Так пророчествовал Троцкий в 1914 году. Это — предварительная картина того, что стало действительностью в 1918 году в Брест-Литовске. На первый взгляд кажется, что здесь большая разница: менее, чем через год после подписания Брестского мира Германия потерпела военное поражение. Но это не меняет того, что Троцкий сказал о внутренней слабости преждевременной революции. Немецкое оружие привело к свержению царизма. Оно же несет ответственность за свержение Керенского и, таким образом, за преждевременность и слабость большевистской революции. Если бы Троцкий тогда или позже был откровенен, он мог бы с полным правом назвать эту революцию «историческим выкидышем». Слабость революции была известна ему. Эта слабость подтверждала его упрямую веру в созданную им за несколько лет до того, в европейском изгнании, теорию перманентной революции, которая сводится, вкратце, к следующему: удержание политической власти русским революционным правительством и развитие государственной промышленности, но никаких попыток революционного, социалистического преобразования всей страны, включая и сельское хо- 284 зяйство, пока революция на Западе не придет на помощь России и не проложит пути к социализму в международном масштабе. В перманентной революции Троцкий видел ответ на преждевременную революцию. Ленин тоже ожидал спасения от Европы. Но он никогда не думал, что революция может прийти раньше времени.
В слабо развитой стране всегда бывает слабо развитый правящий класс,— свой или иноземный,— который в трудную минуту (мировая война и ее последствия, колониальные волнения и т. д.) может быть вынужден сдать территорию слишком слабую или слишком бедную для дорогостоящих социальных преобразований. Отсталая и слабая Россия созрела для насильственной революции, но не для социализма. Так оценивал Троцкий перспективы России до 1917 года. А когда комиссар по иностранным делам Троцкий приехал в 1918 году в Брест-Литовск, чтобы сбить с толку и вызвать на борьбу генералов кайзера, советская Россия была слаба.
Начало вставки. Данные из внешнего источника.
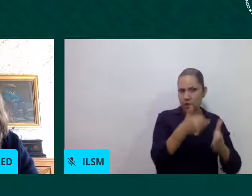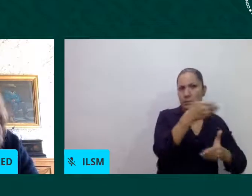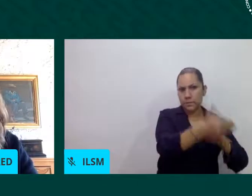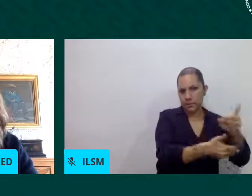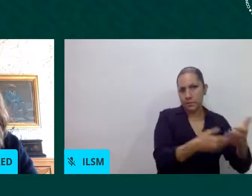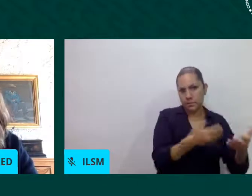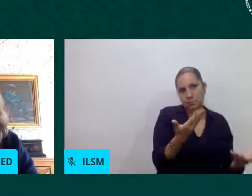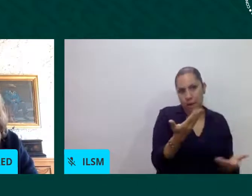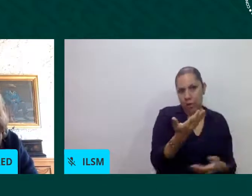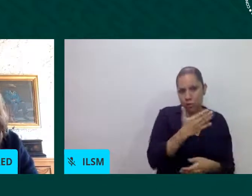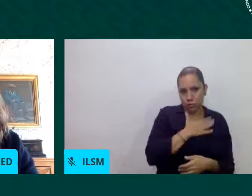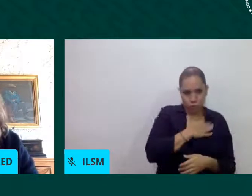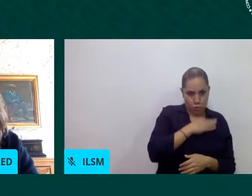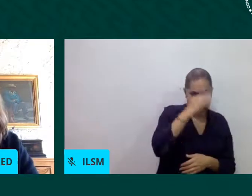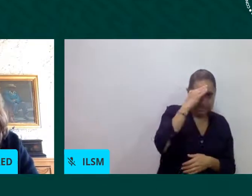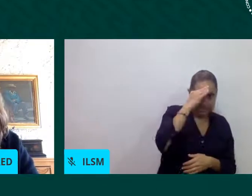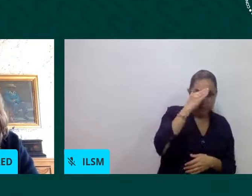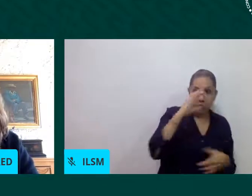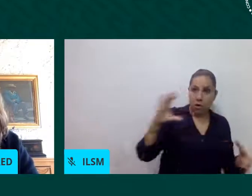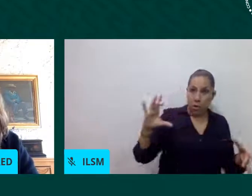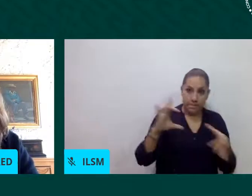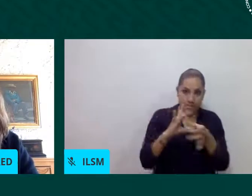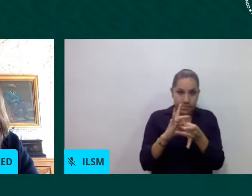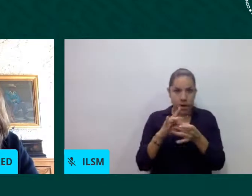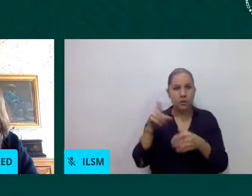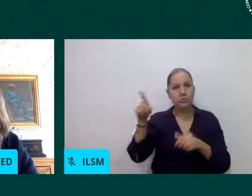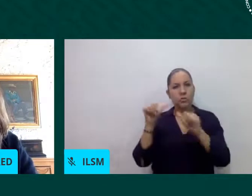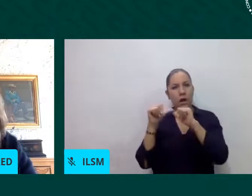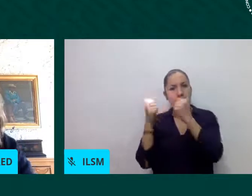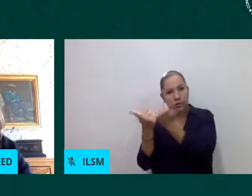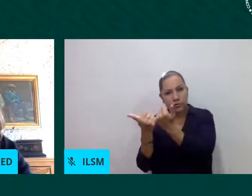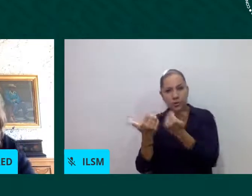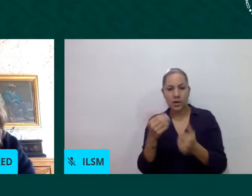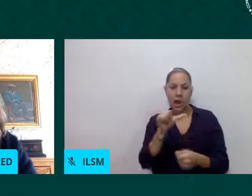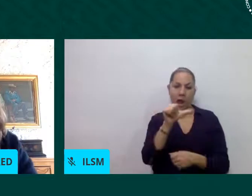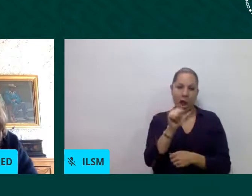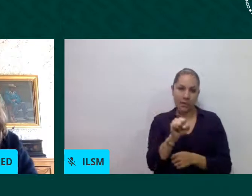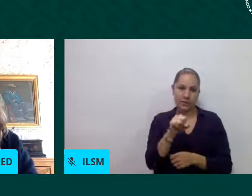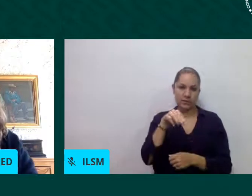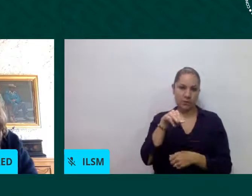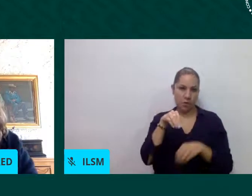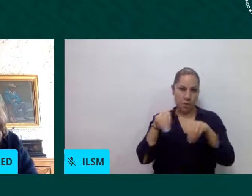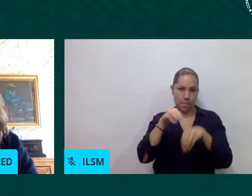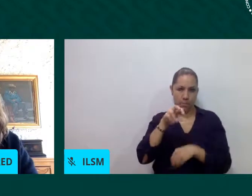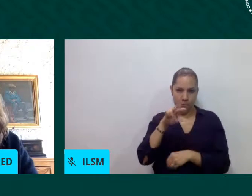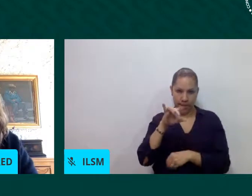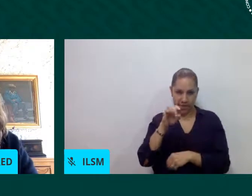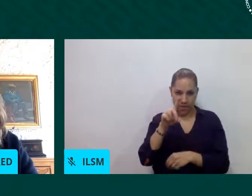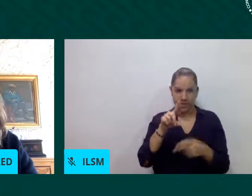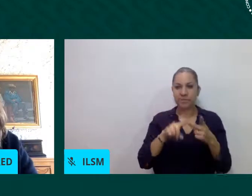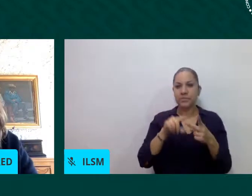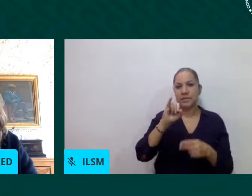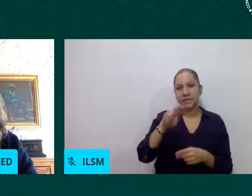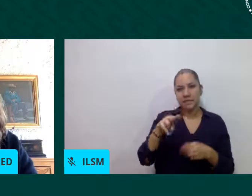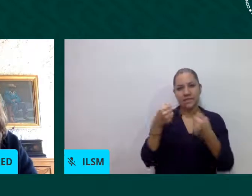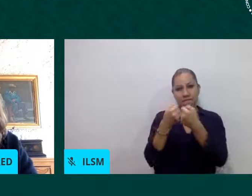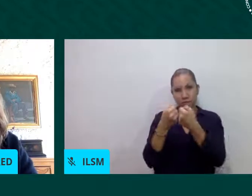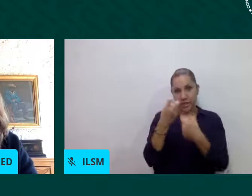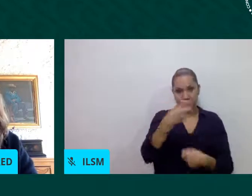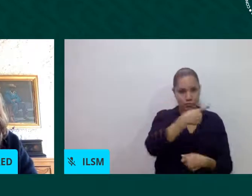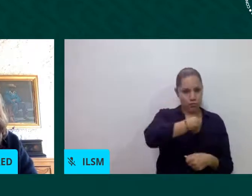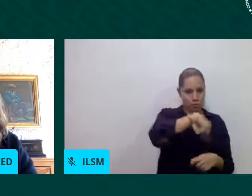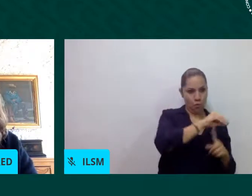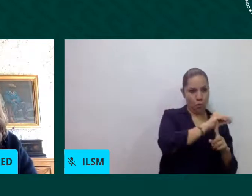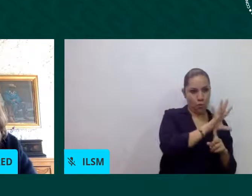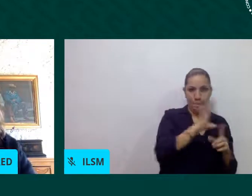ASMOVILIDAD o como Sin Fronteras por ejemplo con las que COPRED trabaja muy de cerca y con muchas otras pues es fundamental pero también el trabajo

Ленин писал без конца, но не был литератором. Троцкий любил слова. Он понимал значение слов в революции, когда с помощью их можно было развеять отчаяние и вселить в сердца надежду. Он знал, как слабы слова перед лицом «старой расы Гинденбургов, Мольтке, Клуков — наследственных специалистов в деле массовых убийств». Он был слишком умен, чтобы тратить энергию на пропаганду среди генералов и фельдмаршалов. Вместо этого он сосредоточился на другой задаче: положить конец империалистической войне, начав гражданские войны во всех враждующих странах. Ленин сформулировал эту идею до большевистской революции. Эта революция показала, как вывести одну страну из войны. Троцкий хотел, чтобы другие народы последовали примеру России. Такова была его сильнейшая карта, его прекраснейшая иллюзия, когда в январе 1918 года он подъезжал к Брест-Литовску.